Material to process =>
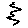
Label: zigzag
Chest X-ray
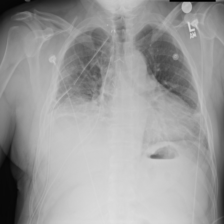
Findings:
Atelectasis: positive
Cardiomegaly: negative
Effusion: negative
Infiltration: negative
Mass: negative
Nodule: negative
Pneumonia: negative
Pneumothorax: negative
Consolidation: positive
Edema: negative
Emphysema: negative
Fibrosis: negative
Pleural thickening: negative
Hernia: negative

Exercise directions =>
Set out, exactly as written, the lines from the line with "Atelectasis: positive" to the last line of the records, inclusive, and only those lines.

Result of the task =>
Atelectasis: positive
Cardiomegaly: negative
Effusion: negative
Infiltration: negative
Mass: negative
Nodule: negative
Pneumonia: negative
Pneumothorax: negative
Consolidation: positive
Edema: negative
Emphysema: negative
Fibrosis: negative
Pleural thickening: negative
Hernia: negative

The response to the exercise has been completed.